Across Europe, young people are experiencing economic and political marginalisation. They are certainly finding it increasingly difficult to enter the labour market. As of February 2026, Eurostat recorded 2.9million unemployed under-25s in the European Union – which puts the youth unemployment rate at over 15 per cent. At the same time as work is becoming harder to come by, the cost of living is becoming prohibitive. The European Parliament’s youth survey found that 40 per cent of Europeans aged 16 to 30 cite rising prices as their biggest concern, with a further 31 per cent stating governments need to focus more on providing economic opportunities.

In Britain, the problems are just as acute. Between December 2025 and February 2026, 713,000 young people aged 16 to 24 were unemployed – 70,000 more than the previous year. The unemployment rate for young people at the start of the year was at 15.8 per cent, up from 14.6 per cent the year before. Add in exorbitant housing prices (the median home in England now costs nearly eight times the median annual earnings) and record levels of student debt (the average graduate leaves university with around £53,000 in debt) and you have conditions in which generational grievance and anger can easily flourish.

This is all aggravated by a rapidly declining sense of trust in the political system – a sense, in short, that it is incapable of responding to young people’s demands. The evidence is all about us. Keir Starmer is historically the most unpopular prime minister in history. And he’s just the tip of the iceberg. The consequences of successive Conservative government failures to live up manifesto promises on everything from Brexit to immigration, and the constant scandals involving both Tory and Labour administrations have cemented a perception of the political establishment as incompetent and duplicitous. This is not dissimilar to the view held by young people elsewhere of their own governments as corrupt. Indeed, Transparency International says the UK has fallen to its lowest ever corruption perception score.

Young Brits’ anger is certainly transforming their political outlook. As polling from Find Out Now shows, young people’s loathing of the political establishment is prompting a shift in their voting intentions. Many are now moving away from traditional party politics towards more radical solutions – 41 per cent of under-30s intend to vote for the Green Party, with Reform UK and Restore Britain both at around 10 per cent each. This more radical sentiment is reinforced by Channel 4 research from last year, which found that 47 per cent of Gen Z agreed with the statement ‘the entire way our society is organised must be radically changed through revolution’.

All that said, neither the UK nor the EU are Indonesia or Nepal. The middle-class student bodies of Cambridge or Bristol are unlikely to kickstart a street-focussed uprising. If your sensibilities are inflamed by micro-aggressions and misgendering, you are unlikely to face down riot shields and tear gas.

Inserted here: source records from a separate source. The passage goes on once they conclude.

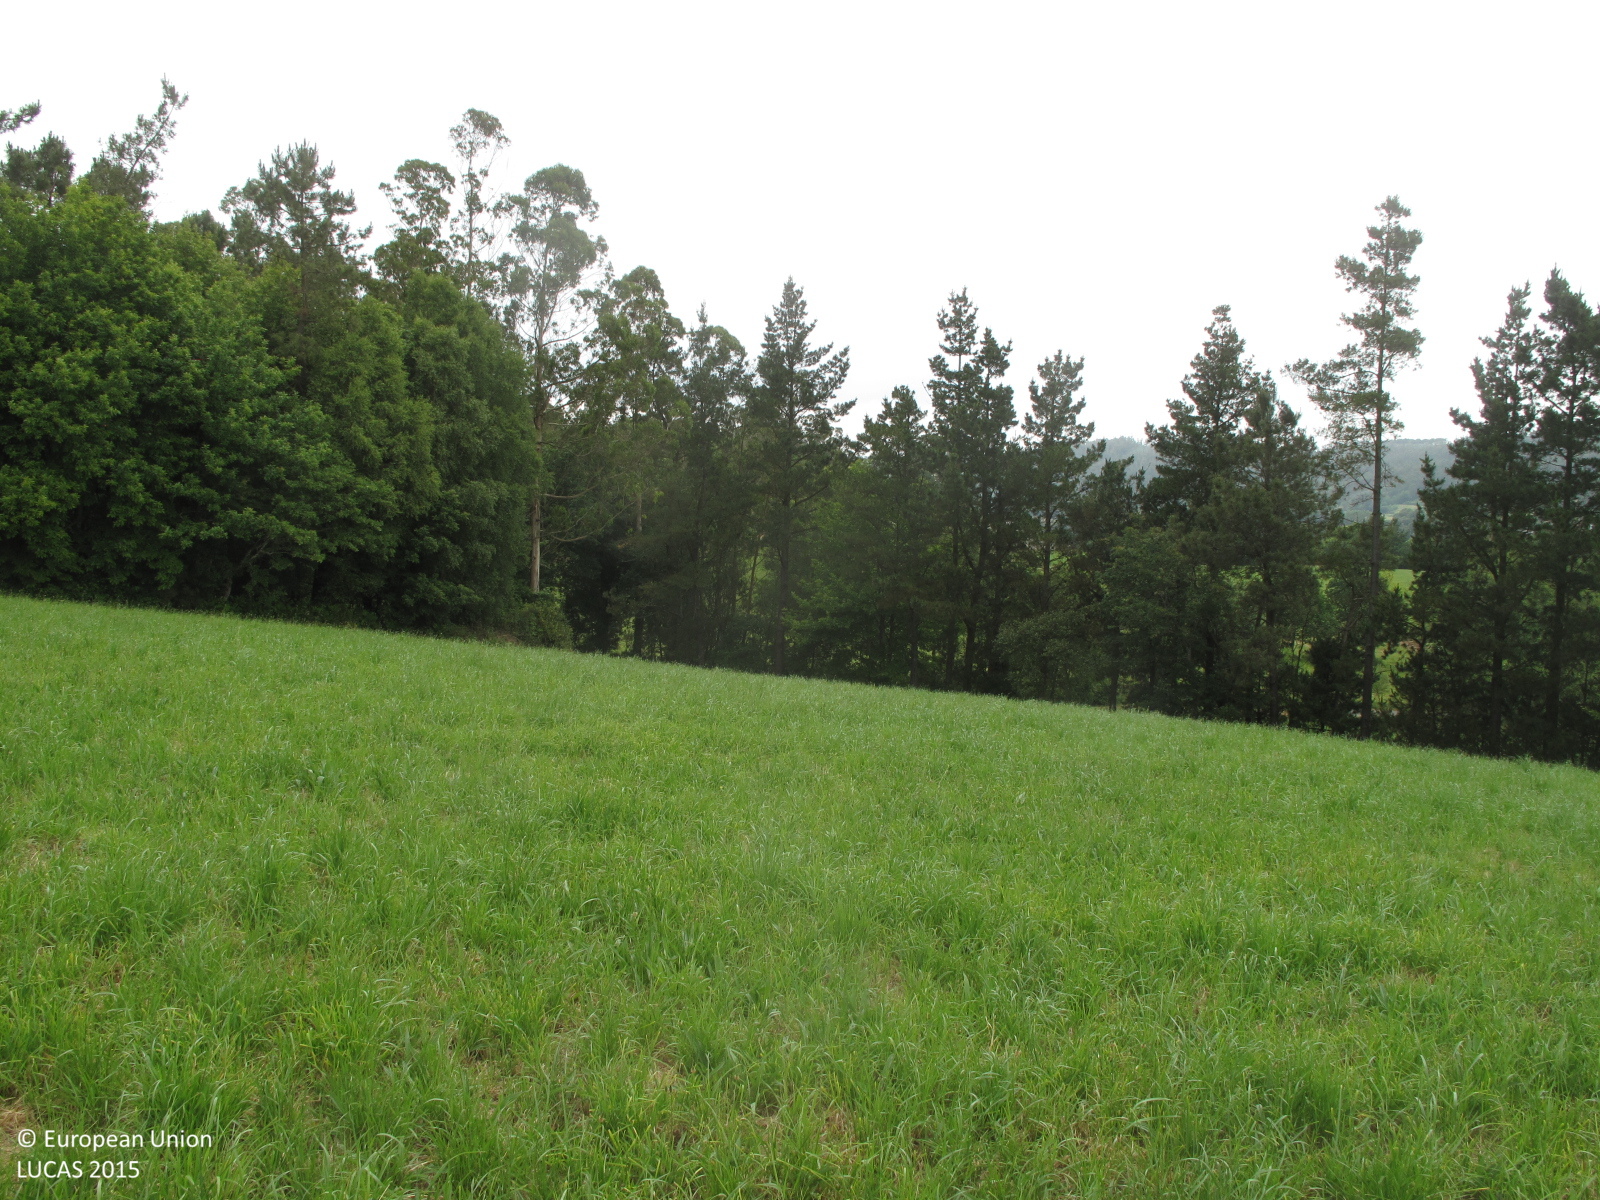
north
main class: Grassland
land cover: Grassland without tree/shrub cover
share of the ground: > 75 %
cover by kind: herbaceous plants 100 %
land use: Agriculture (excluding fallow land and kitchen gardens)
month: June
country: ES
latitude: 43.1508
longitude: -8.5921
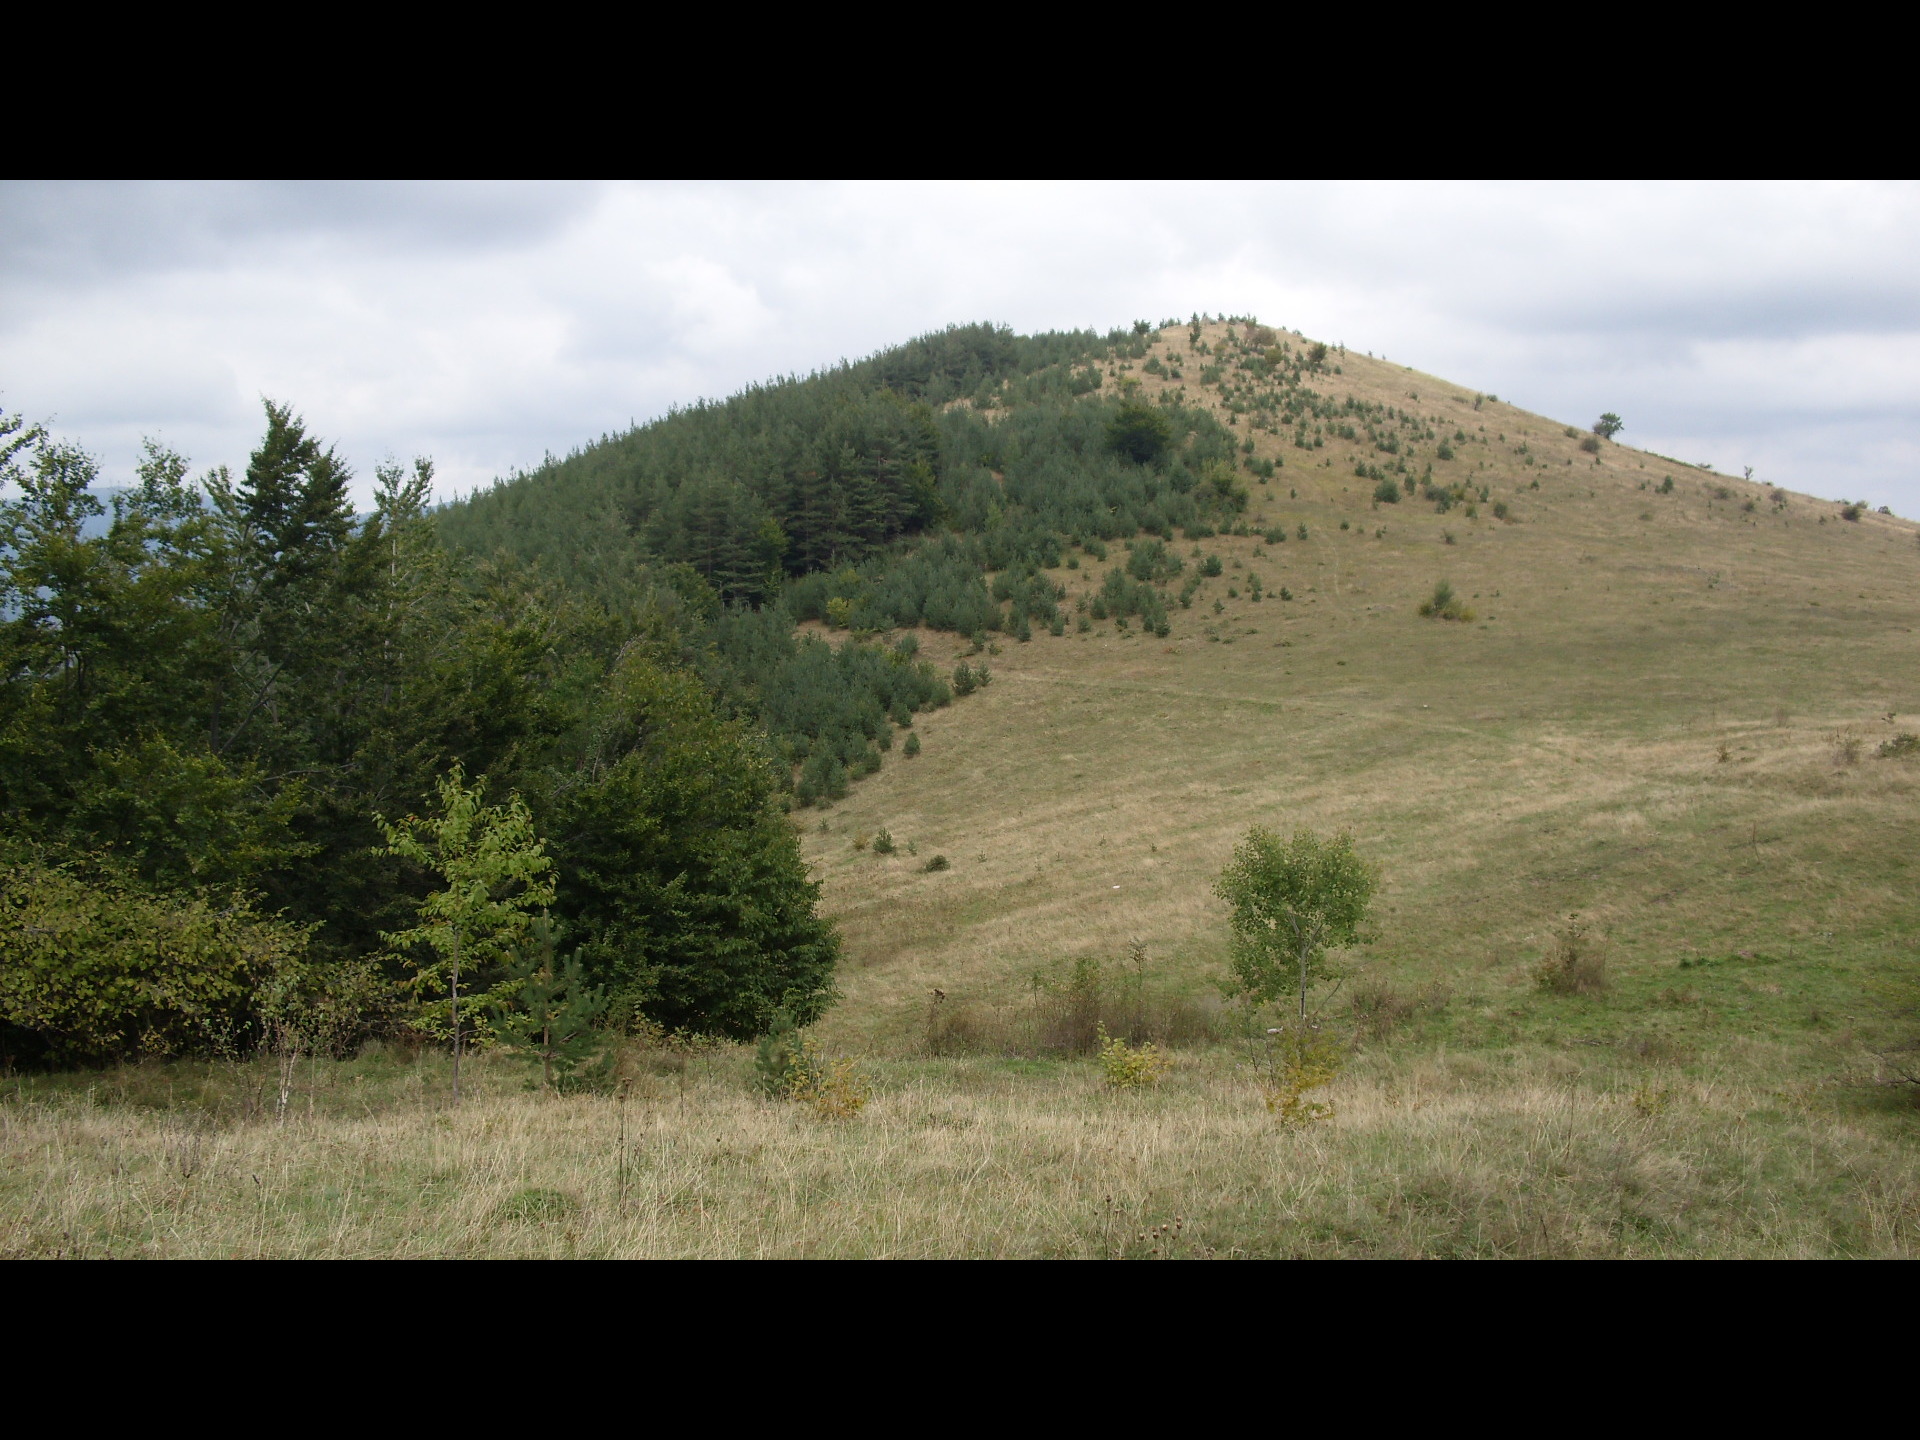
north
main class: Grassland
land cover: Grassland with sparse tree/shrub cover
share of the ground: > 75 %
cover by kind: herbaceous plants 90 %, broadleaved forest trees 5 %, shrubs 5 %
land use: Agriculture (excluding fallow land and kitchen gardens)
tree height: < 5 m
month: October
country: BG
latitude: 43.3470
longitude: 22.8512
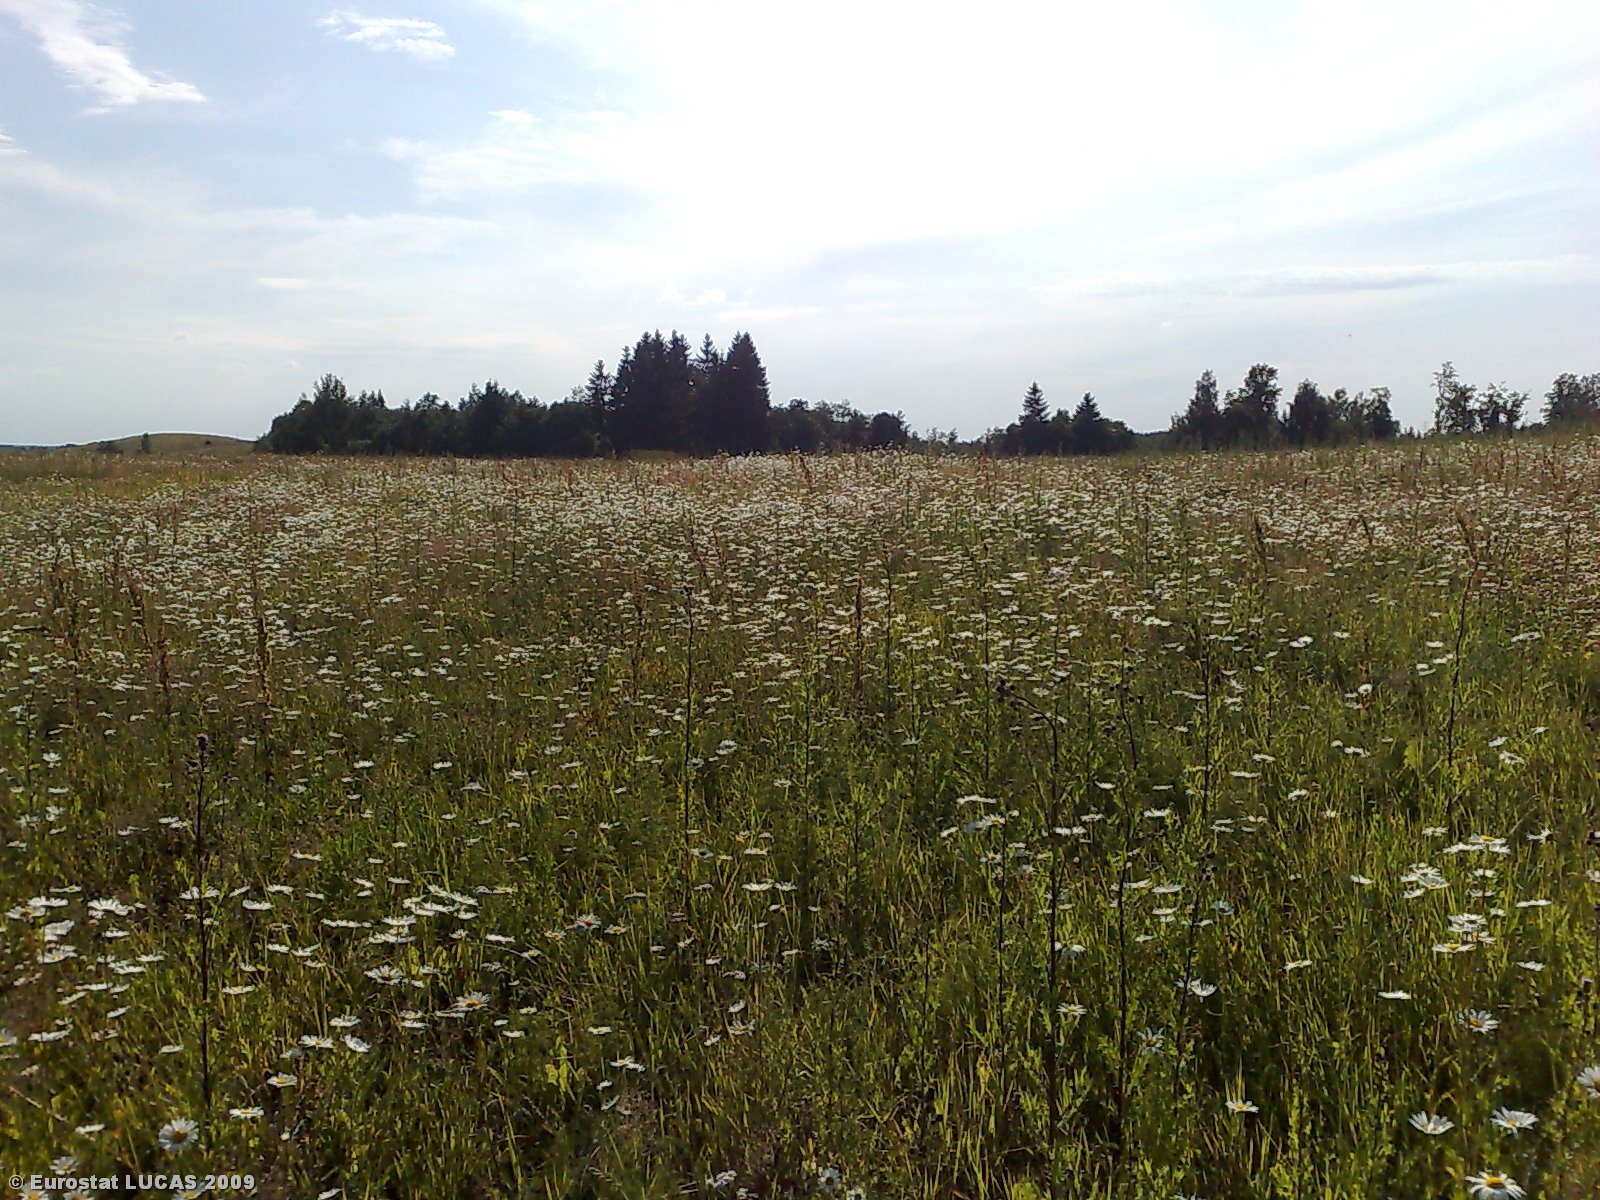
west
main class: Grassland
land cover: Grassland without tree/shrub cover
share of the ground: > 75 %
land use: Agriculture (excluding fallow land and kitchen gardens)
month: July
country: LT
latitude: 55.5328
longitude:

But something is undeniably stirring. With the looming economic consequences of the Iran War set to hit the UK and EU this summer, the actions of South Asian youngsters should serve as a loud warning shot to any Western government that thinks it can continue to ignore youth immobility and perceived elite corruption.

At best, the West may discover it has incubated a generation indifferent to the collapse of its institutions. At worst, it could face a reckoning similar to that faced by governments elsewhere.

Young people’s demands are clear. They want the opportunities and the political voice that have been denied to them for too long. The consequences of failing to respond to young people’s needs could be dire for society as a whole.

Stephen Sidney is a multimedia producer at spiked.